**Materials provided**
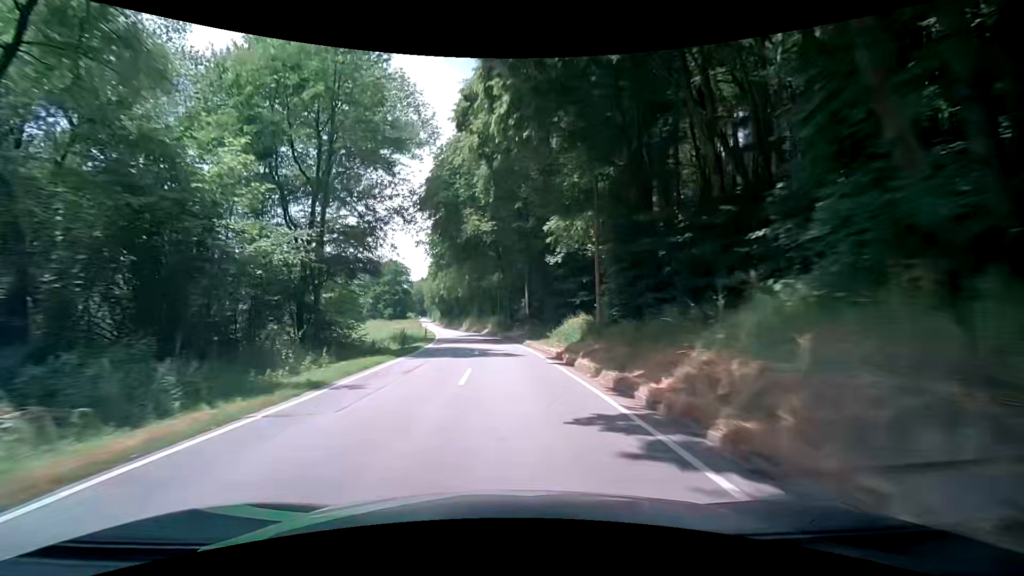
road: secondary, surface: asphalt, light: Day
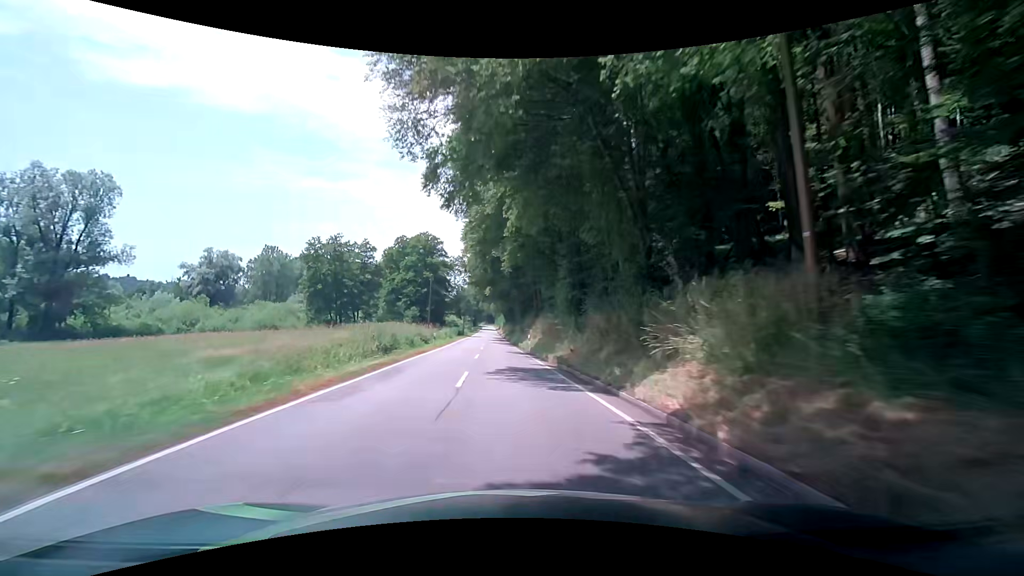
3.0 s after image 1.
(-3.6, +59.1) m; -7°
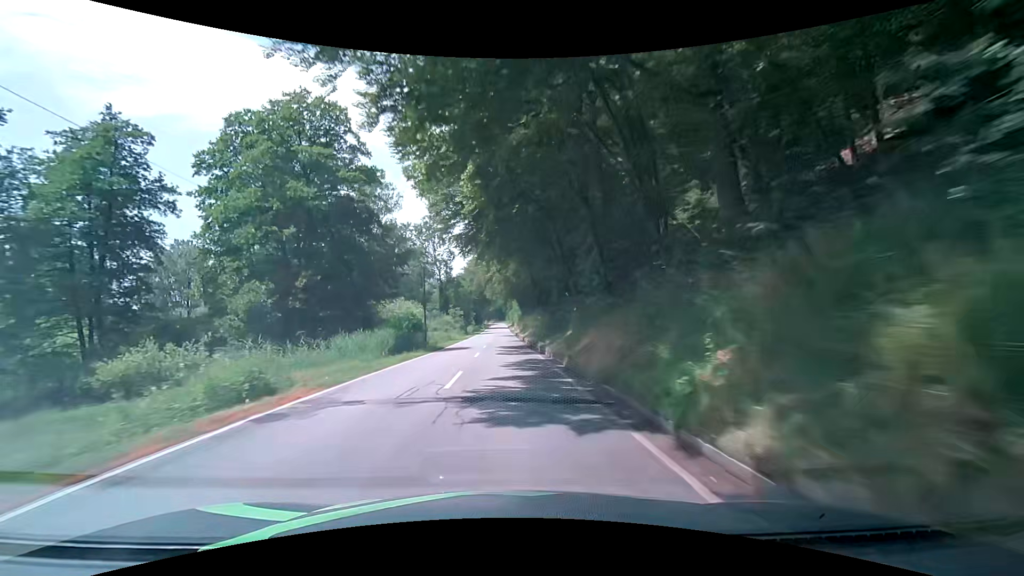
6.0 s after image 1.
(-2.6, +59.6) m; -2°
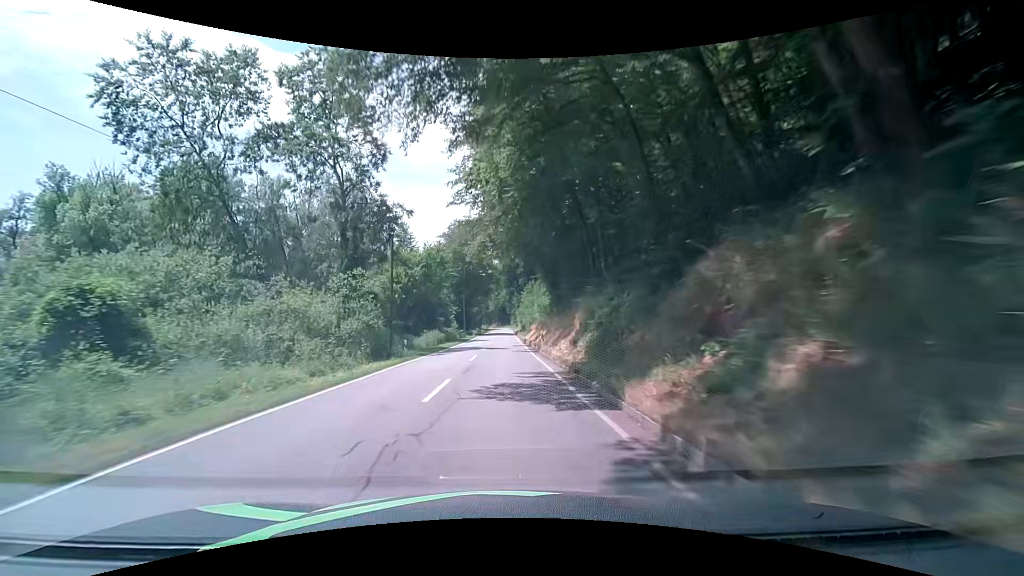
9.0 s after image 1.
(-0.7, +60.2) m; -1°
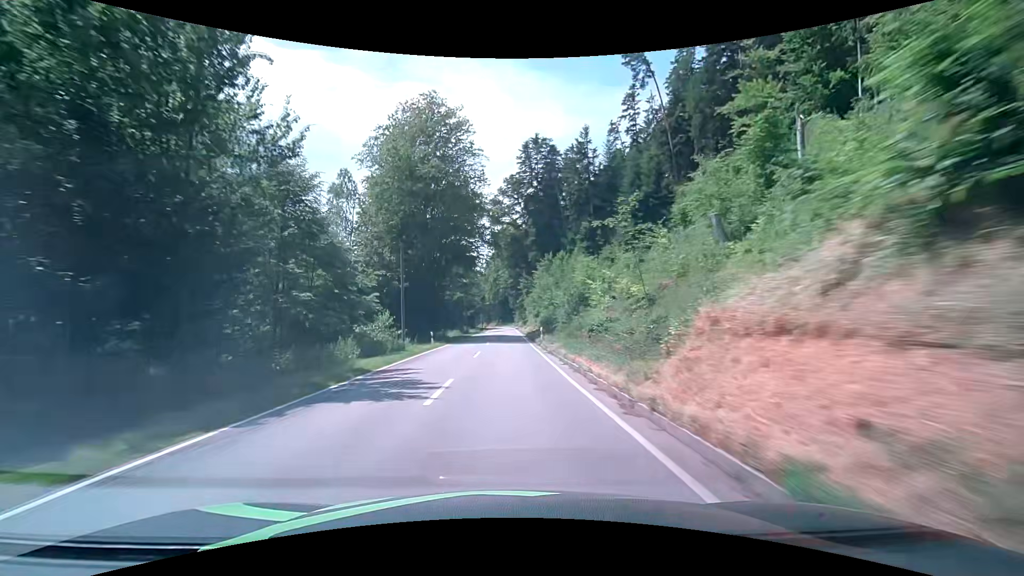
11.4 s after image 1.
(-0.1, +47.5) m; 0°
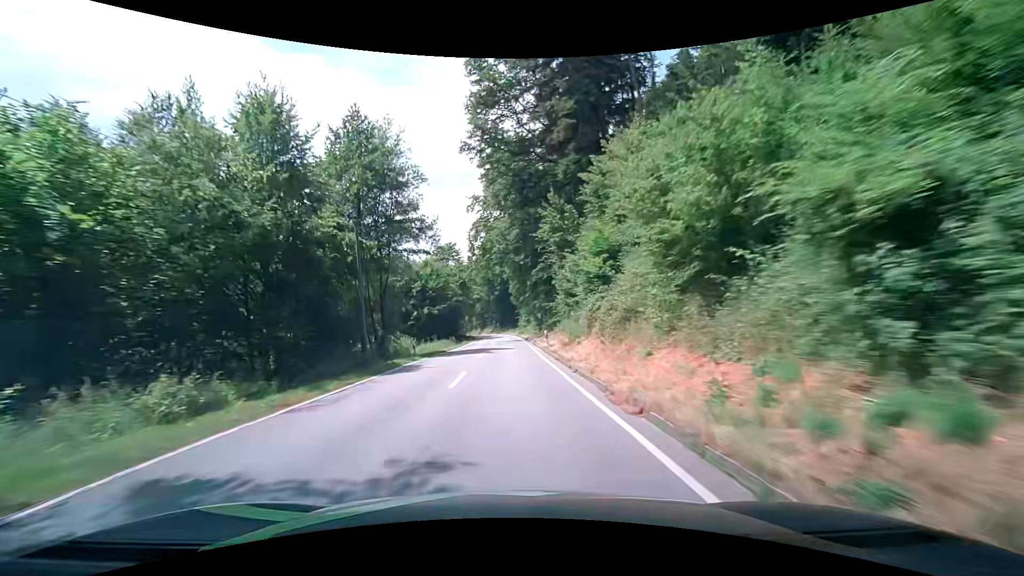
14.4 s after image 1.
(+0.4, +55.7) m; 0°
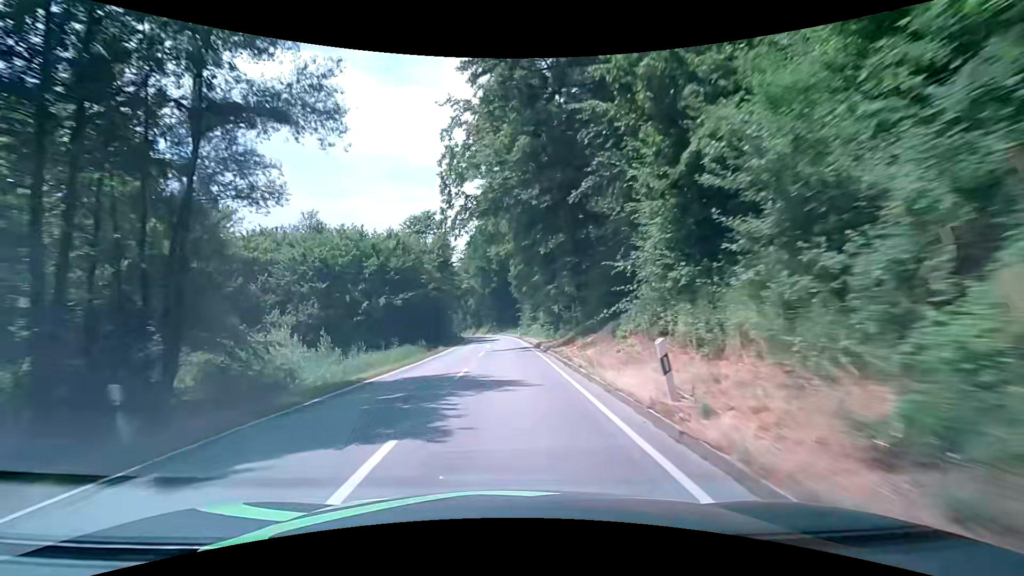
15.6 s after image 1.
(-0.1, +21.2) m; 0°
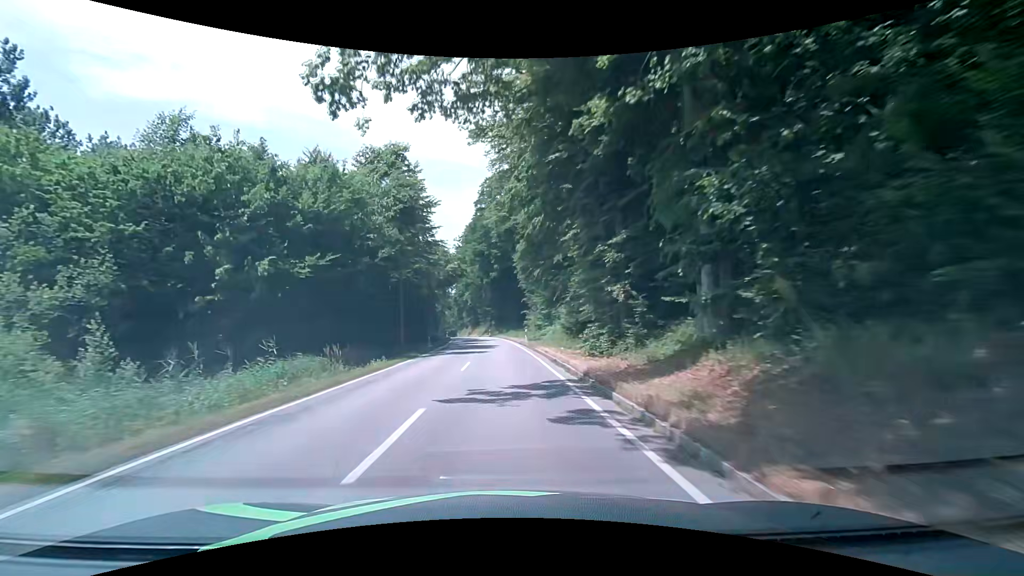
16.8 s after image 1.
(0.0, +20.6) m; 0°
(0, +10) (0, +20) (0, +30) (0, +40) (-1, +50) (-2, +60) (-3, +70) (-4, +80) (-5, +90) (-6, +100) m

**What you are asked to do**
Repeat nothing but the lines from the one containing "14.4 s after image 1." through the end of the entries, exactly, and skip the pictures.

**Task solution**
14.4 s after image 1.
(+0.4, +55.7) m; 0°
15.6 s after image 1.
(-0.1, +21.2) m; 0°
16.8 s after image 1.
(0.0, +20.6) m; 0°
(0, +10) (0, +20) (0, +30) (0, +40) (-1, +50) (-2, +60) (-3, +70) (-4, +80) (-5, +90) (-6, +100) m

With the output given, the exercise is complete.